The listing is to be repeated exactly, and its pictures are to be left out.

» Recorded data

━━━━━━━━

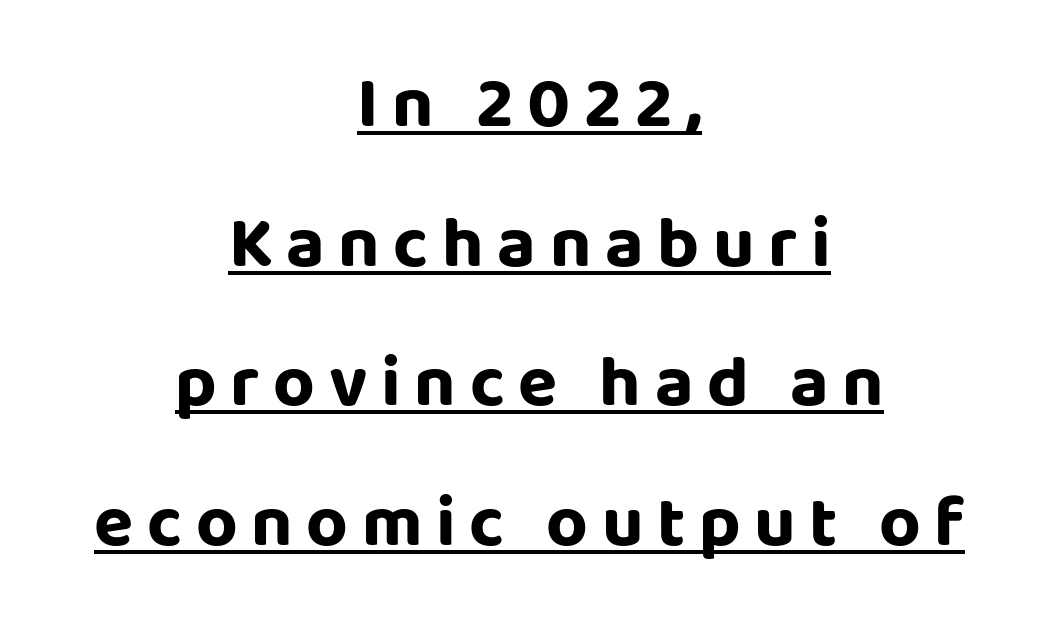
Horizontal bands of white between lines are thick stripes. You can see a thin bar hugging the bottom of the glyphs. Visually the block forms a symmetrical silhouette, jagged on both flanks. Examine the stroke ends and you'll find no serifs. Stroke thickness is high; the sample reads as a true bold. A typesetter would mark this as roman, not italic.
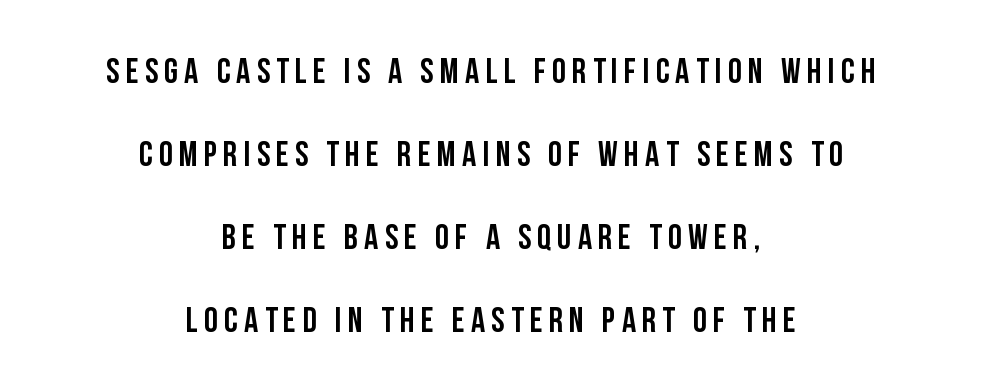
Widely set lines give the paragraph a tall, airy silhouette. Varying glyph widths throughout — classic text-font behaviour. Serifs: no, the terminals of the letterforms are clean. Unlike italic type, these characters show no tilt at all.
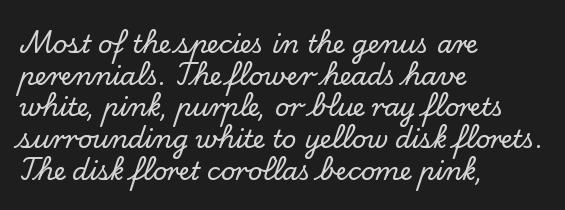
The image shows 25 px text type; set left-aligned, normal line spacing (1.27x), normal letter spacing, not underlined.
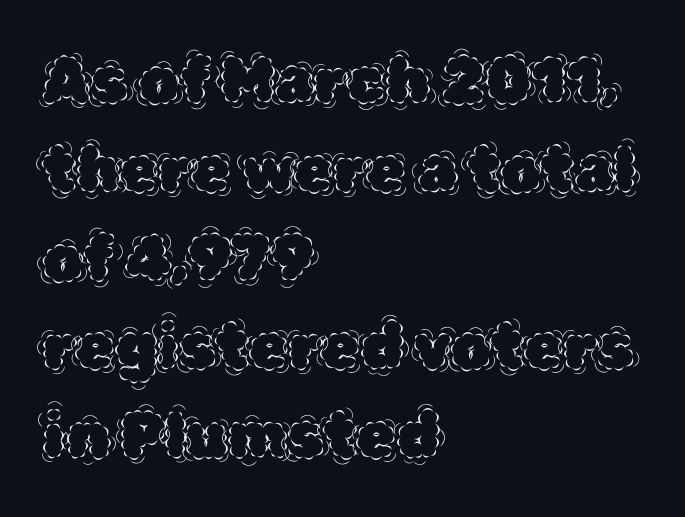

━━━━━━━━

» Output for this exercise
Horizontal bands of white between lines are thick stripes. You can see a thin bar hugging the bottom of the glyphs. Visually the block forms a symmetrical silhouette, jagged on both flanks. Examine the stroke ends and you'll find no serifs. Stroke thickness is high; the sample reads as a true bold. A typesetter would mark this as roman, not italic.
Widely set lines give the paragraph a tall, airy silhouette. Varying glyph widths throughout — classic text-font behaviour. Serifs: no, the terminals of the letterforms are clean. Unlike italic type, these characters show no tilt at all.
The image shows 25 px text type; set left-aligned, normal line spacing (1.27x), normal letter spacing, not underlined.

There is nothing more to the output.